Maureen came over to sit beside me on the sofa. "That was Andy's news. There was something you wanted to bring up."
"I know I can trust you both." Her, for saving my life. Him, for introducing me to the highest levels of counterterrorism. To not rescue me, or to not make those introductions, would have been simple enough.

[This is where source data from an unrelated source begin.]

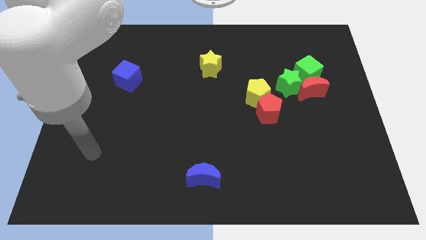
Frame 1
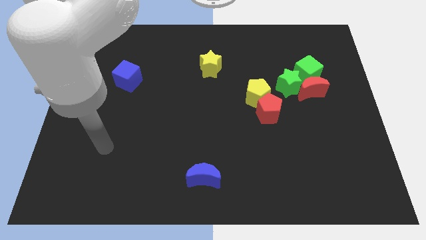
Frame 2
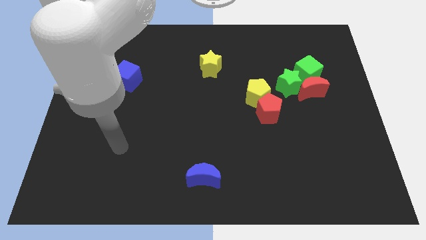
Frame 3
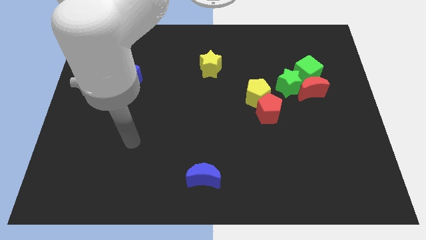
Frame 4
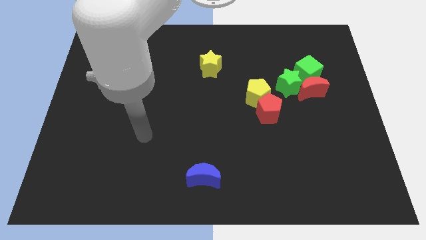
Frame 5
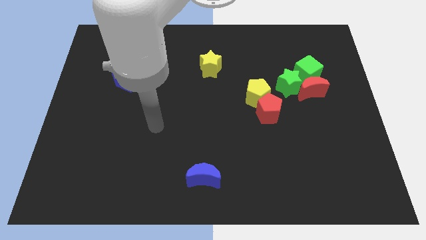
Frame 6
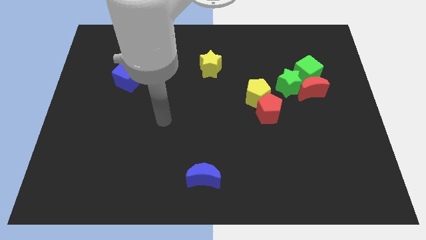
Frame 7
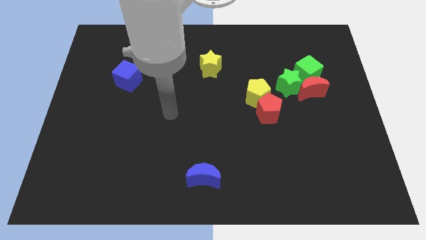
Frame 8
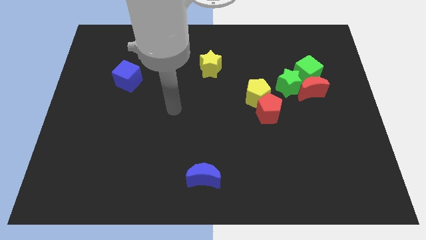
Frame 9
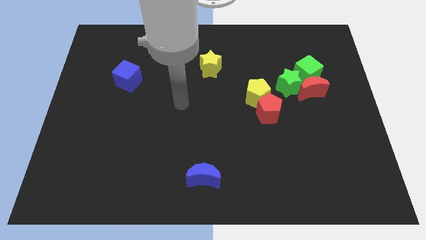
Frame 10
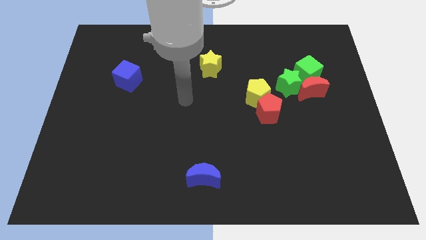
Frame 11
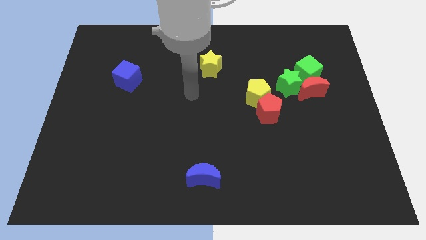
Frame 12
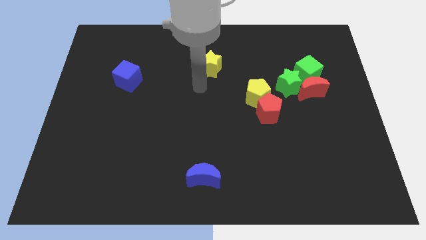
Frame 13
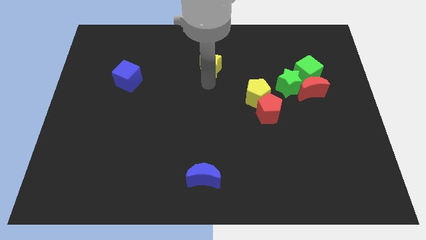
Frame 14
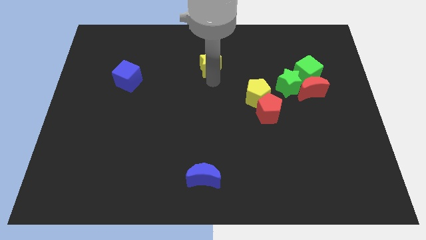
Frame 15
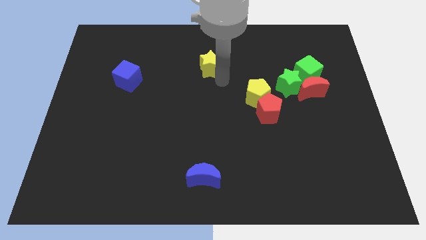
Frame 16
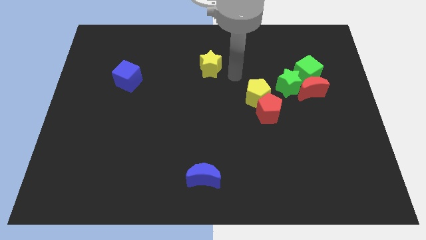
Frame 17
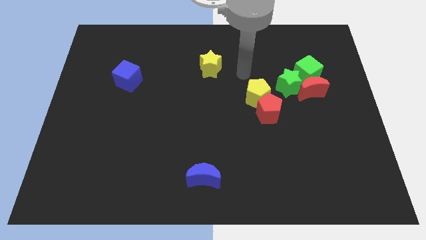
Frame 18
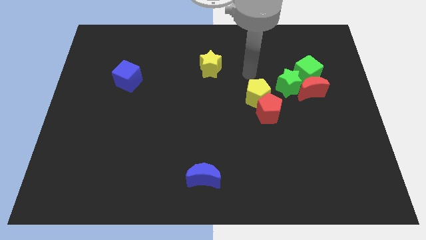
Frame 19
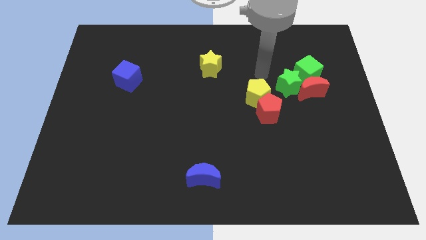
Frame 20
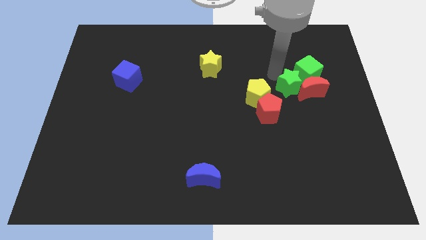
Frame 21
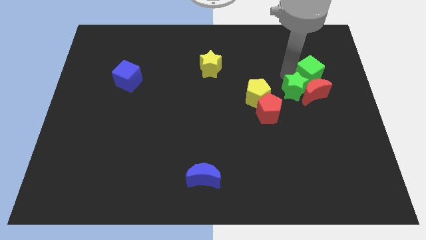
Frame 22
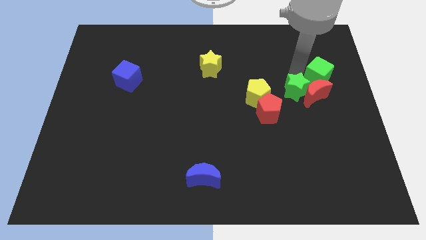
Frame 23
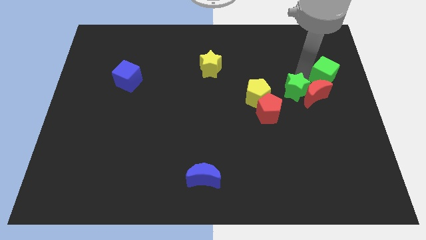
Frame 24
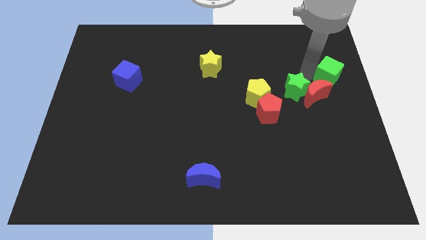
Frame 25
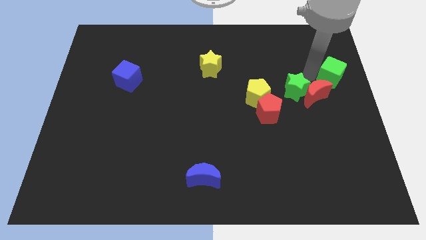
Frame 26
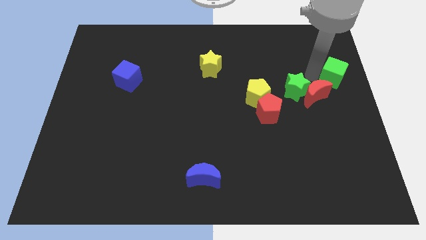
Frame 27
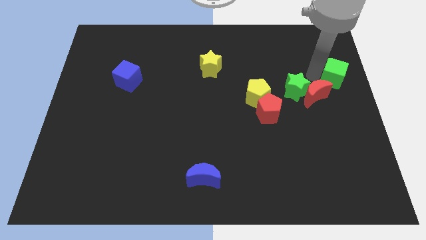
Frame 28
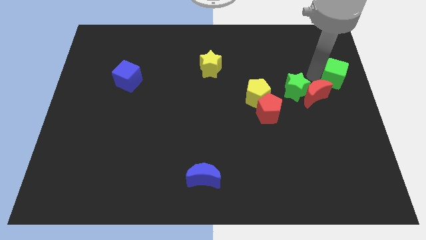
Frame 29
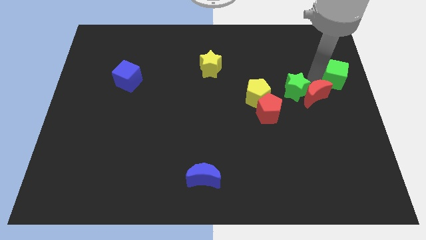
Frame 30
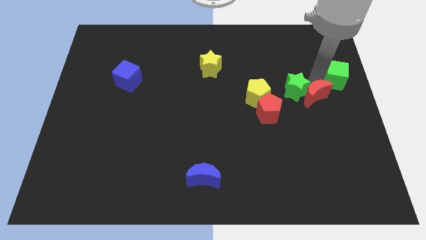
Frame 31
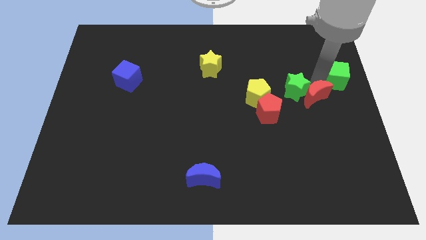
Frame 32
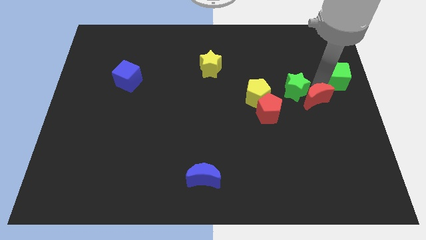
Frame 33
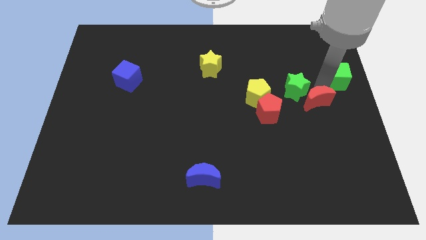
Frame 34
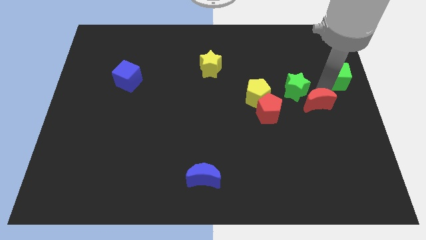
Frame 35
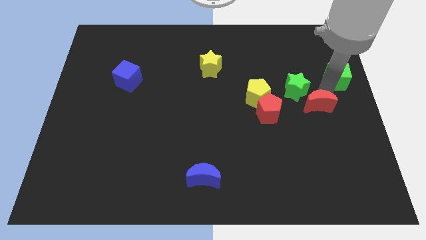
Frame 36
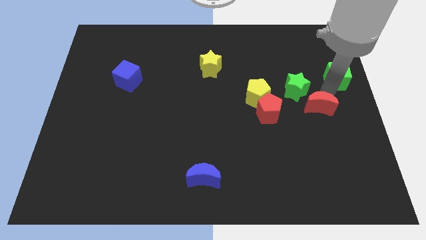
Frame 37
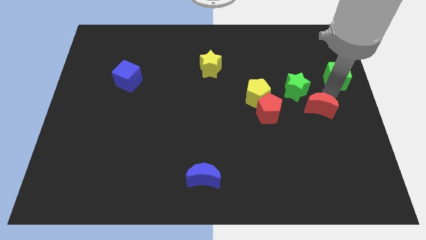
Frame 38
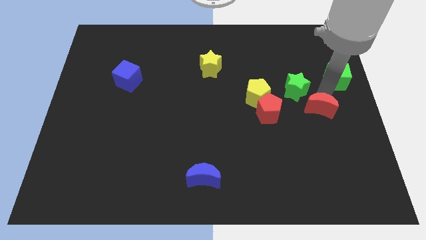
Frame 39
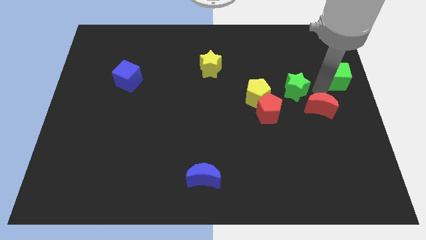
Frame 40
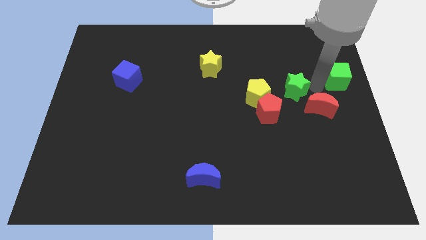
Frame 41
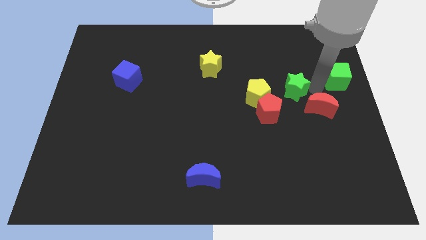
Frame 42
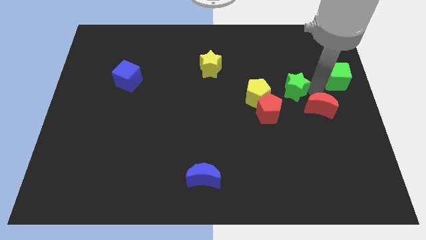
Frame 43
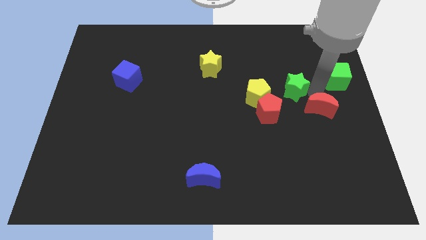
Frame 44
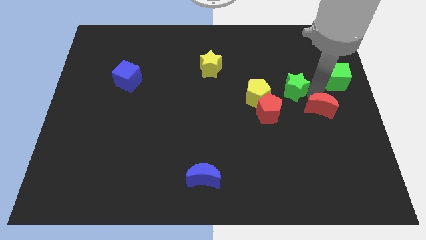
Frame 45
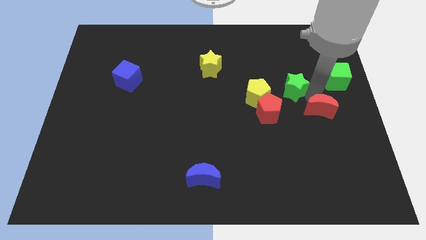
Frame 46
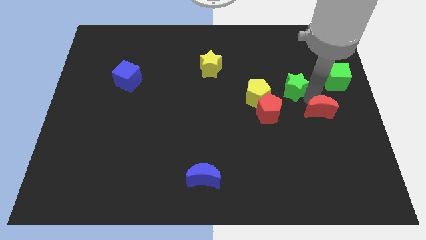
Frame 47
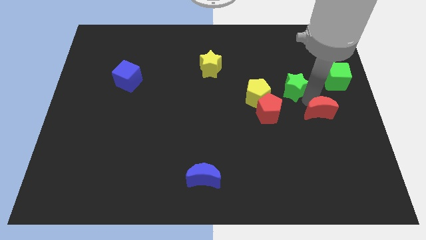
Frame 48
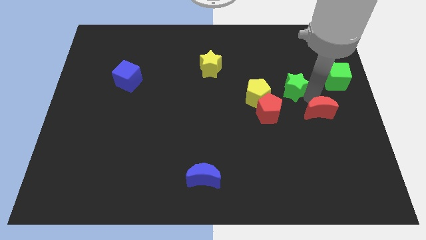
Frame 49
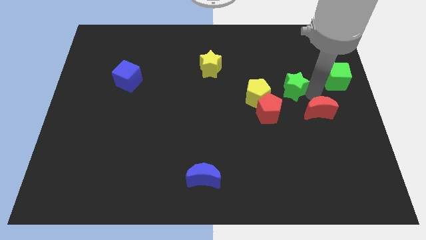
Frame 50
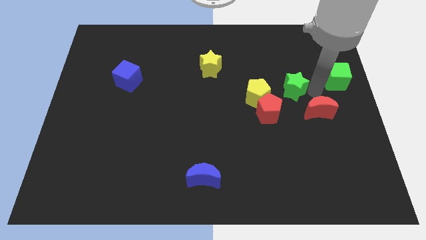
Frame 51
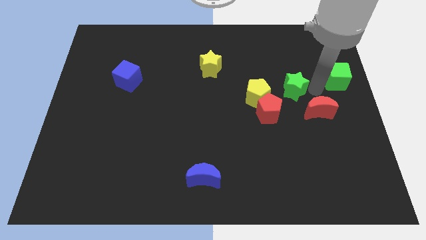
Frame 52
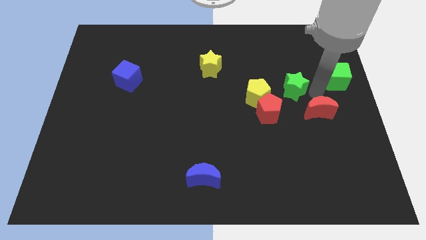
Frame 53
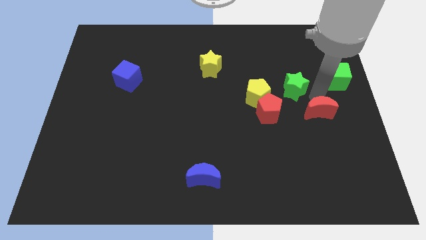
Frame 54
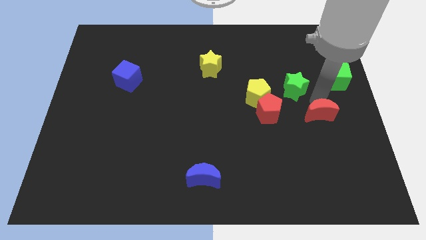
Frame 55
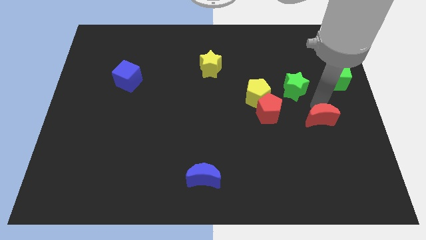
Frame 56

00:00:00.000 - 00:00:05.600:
separate the red moon from the green cube and green star

"But you trust no one else," Andy completed. "Yes, this has been hard. Yes, we're not out of the woods. But you can let down a bit. I'll grant you the L5 action wasn't a complete success, but it's progress. The rest of the terrorists are doubtless flying a lot farther. The spooks have time to find any device at L5, to identify Darin's accomplices, to sort out this whole mess."
I downed my shot, and raised the empty glass for a refill. Andy delivered it, and I downed that, too. "And who will sort out matters within the company?"
"What do you mean?' Maureen asked.
Andy's eyes just narrowed.
I said, "Darin knew that his father's crew was in detention, incommunicado. And he wasn't surprised when I said that rock had been evacuated."
Andy stiffened. "No. You can't believe that."
"I can," I said. "I do. There is a leak. Someone inside the company is involved in this mess. Somebody well-placed, high up, because no one else would have known those things."
"On Ceres?" Maureen asked.
I shook my head. "Here on Earth, I have to believe. No need to coerce Les Hodges to do their field trial if they had had a collaborator on Ceres. Or anywhere else in space."
"Then what . . .?" Andy trailed off, his face ashen.
"What do we do?" I said. "We three get back to work. We have our own private investigation to run. And we dare not fail."
Because if we did, the toll would be a lot higher than two dead.